Stored data entries:
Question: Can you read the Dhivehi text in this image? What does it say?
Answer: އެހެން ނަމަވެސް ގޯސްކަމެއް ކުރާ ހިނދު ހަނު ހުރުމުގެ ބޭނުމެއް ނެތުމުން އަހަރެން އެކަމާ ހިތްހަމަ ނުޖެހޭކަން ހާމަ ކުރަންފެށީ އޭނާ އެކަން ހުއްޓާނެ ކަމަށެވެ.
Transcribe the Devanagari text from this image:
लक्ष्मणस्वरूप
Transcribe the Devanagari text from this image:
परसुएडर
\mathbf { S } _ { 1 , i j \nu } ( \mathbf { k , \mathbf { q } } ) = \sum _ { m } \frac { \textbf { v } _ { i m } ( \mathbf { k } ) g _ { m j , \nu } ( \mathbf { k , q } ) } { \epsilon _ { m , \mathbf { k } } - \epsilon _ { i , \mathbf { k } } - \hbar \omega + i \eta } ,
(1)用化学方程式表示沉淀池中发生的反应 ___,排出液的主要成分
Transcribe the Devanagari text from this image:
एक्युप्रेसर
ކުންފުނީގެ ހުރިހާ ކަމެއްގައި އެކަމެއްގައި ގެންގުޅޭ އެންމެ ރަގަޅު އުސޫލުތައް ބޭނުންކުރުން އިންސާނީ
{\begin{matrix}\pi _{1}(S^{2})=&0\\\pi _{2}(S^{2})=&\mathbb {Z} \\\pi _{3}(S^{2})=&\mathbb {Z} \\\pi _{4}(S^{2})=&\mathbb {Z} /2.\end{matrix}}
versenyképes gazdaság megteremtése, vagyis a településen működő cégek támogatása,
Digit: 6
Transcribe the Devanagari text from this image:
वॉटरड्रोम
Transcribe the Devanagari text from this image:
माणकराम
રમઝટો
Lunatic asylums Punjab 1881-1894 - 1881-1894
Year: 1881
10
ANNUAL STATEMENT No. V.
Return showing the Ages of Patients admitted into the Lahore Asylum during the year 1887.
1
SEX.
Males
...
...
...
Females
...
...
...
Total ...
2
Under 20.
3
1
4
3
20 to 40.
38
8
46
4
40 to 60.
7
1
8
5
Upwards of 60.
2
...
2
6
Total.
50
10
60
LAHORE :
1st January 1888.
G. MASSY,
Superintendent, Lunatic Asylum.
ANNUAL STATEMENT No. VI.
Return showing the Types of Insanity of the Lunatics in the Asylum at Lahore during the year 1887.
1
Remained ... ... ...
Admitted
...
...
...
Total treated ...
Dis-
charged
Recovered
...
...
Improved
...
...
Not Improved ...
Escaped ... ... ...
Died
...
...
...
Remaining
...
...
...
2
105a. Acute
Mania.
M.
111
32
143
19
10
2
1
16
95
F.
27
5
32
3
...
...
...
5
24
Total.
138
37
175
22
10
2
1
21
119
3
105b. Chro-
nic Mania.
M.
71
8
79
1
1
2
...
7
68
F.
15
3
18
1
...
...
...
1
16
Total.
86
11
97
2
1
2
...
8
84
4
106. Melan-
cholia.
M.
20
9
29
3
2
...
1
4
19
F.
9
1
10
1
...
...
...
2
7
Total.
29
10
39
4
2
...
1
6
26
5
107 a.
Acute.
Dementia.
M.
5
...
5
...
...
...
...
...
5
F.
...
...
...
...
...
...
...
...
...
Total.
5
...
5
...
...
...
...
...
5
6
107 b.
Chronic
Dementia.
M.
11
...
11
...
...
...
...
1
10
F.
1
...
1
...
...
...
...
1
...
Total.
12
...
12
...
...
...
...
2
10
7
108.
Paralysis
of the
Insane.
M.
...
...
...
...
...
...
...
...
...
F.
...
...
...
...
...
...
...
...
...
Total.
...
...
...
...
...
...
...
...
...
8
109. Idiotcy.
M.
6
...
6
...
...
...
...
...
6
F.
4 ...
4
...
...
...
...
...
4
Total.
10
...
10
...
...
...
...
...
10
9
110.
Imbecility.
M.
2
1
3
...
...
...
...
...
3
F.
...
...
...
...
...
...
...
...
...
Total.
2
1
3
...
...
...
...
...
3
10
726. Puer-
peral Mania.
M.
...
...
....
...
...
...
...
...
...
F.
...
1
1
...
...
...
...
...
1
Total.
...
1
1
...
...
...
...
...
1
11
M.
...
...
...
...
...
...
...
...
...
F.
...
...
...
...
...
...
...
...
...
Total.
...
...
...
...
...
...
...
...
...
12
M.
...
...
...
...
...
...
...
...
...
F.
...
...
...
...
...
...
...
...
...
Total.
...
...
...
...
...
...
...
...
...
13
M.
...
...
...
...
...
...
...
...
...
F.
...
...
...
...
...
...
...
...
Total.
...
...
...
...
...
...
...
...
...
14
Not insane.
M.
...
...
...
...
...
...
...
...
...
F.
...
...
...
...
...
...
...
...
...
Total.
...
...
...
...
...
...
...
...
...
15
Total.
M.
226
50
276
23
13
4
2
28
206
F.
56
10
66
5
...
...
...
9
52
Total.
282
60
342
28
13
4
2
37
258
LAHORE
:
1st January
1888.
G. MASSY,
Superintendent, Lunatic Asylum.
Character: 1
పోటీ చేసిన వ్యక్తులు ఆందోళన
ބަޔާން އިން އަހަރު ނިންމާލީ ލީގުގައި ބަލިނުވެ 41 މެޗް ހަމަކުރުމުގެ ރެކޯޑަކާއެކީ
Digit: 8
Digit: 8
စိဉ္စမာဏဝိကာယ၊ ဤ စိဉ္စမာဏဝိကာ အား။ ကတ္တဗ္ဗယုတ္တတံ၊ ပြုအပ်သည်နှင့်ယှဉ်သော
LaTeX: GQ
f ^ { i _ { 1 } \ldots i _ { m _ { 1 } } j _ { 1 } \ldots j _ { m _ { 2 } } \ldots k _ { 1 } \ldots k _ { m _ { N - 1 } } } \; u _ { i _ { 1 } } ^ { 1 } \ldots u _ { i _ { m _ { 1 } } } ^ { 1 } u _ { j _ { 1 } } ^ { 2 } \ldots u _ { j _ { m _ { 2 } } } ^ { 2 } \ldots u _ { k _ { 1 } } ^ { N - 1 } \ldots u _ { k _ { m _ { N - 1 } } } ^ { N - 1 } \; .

• _What this task involves_:
Look over the data and work out how many lines include the word "Return"; reply with the number only.

• _Worked solution_:
2